# Incidence matrix

(Redirected from Incidence relation)

In mathematics, an incidence matrix is a matrix that shows the relationship between two classes of objects. If the first class is X and the second is Y, the matrix has one row for each element of X and one column for each element of Y. The entry in row x and column y is 1 if x and y are related (called incident in this context) and 0 if they are not. There are variations; see below.

## Graph theory

Incidence matrices are frequently used in graph theory.

### Undirected and directed graphs

An undirected graph.

In graph theory an undirected graph has two kinds of incidence matrices: unoriented and oriented.

The unoriented incidence matrix (or simply incidence matrix) of an undirected graph is a n × m matrix B, where n and m are the numbers of vertices and edges respectively, such that Bi,j = 1 if the vertex vi and edge ej are incident and 0 otherwise.

For example the incidence matrix of the undirected graph shown on the right is a matrix consisting of 4 rows (corresponding to the four vertices, 1–4) and 4 columns (corresponding to the four edges, e1–e4):

e1 e2 e3 e4
1 1 1 1 0
2 1 0 0 0
3 0 1 0 1
4 0 0 1 1
=

${\displaystyle {\begin{pmatrix}1&1&1&0\\1&0&0&0\\0&1&0&1\\0&0&1&1\\\end{pmatrix}}.}$

If we look at the incidence matrix, we see that the sum of each column is equal to 2. This is because each edge has a vertex connected to each end.

The incidence matrix of a directed graph is a n × m matrix B where n and m are the number of vertices and edges respectively, such that Bi,j = −1 if the edge ej leaves vertex vi, 1 if it enters vertex vi and 0 otherwise (many authors use the opposite sign convention).

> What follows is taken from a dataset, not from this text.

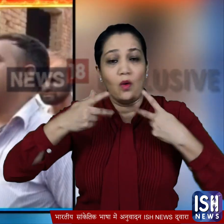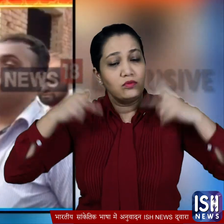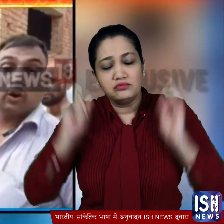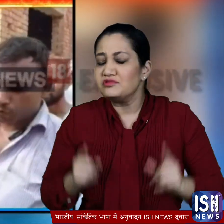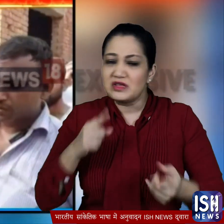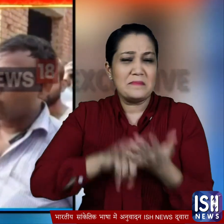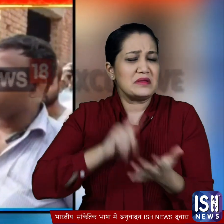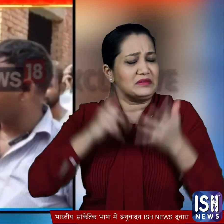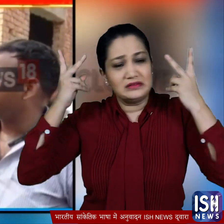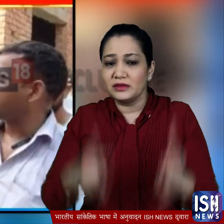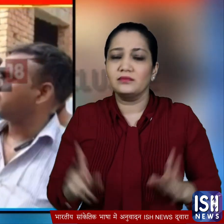लोग अपनी मांग से टस से मस नहीं हुए

The oriented incidence matrix of an undirected graph is the incidence matrix, in the sense of directed graphs, of any orientation of the graph. That is, in the column of edge e, there is one 1 in the row corresponding to one vertex of e and one −1 in the row corresponding to the other vertex of e, and all other rows have 0. The oriented incidence matrix is unique up to negation of any of the columns, since negating the entries of a column corresponds to reversing the orientation of an edge.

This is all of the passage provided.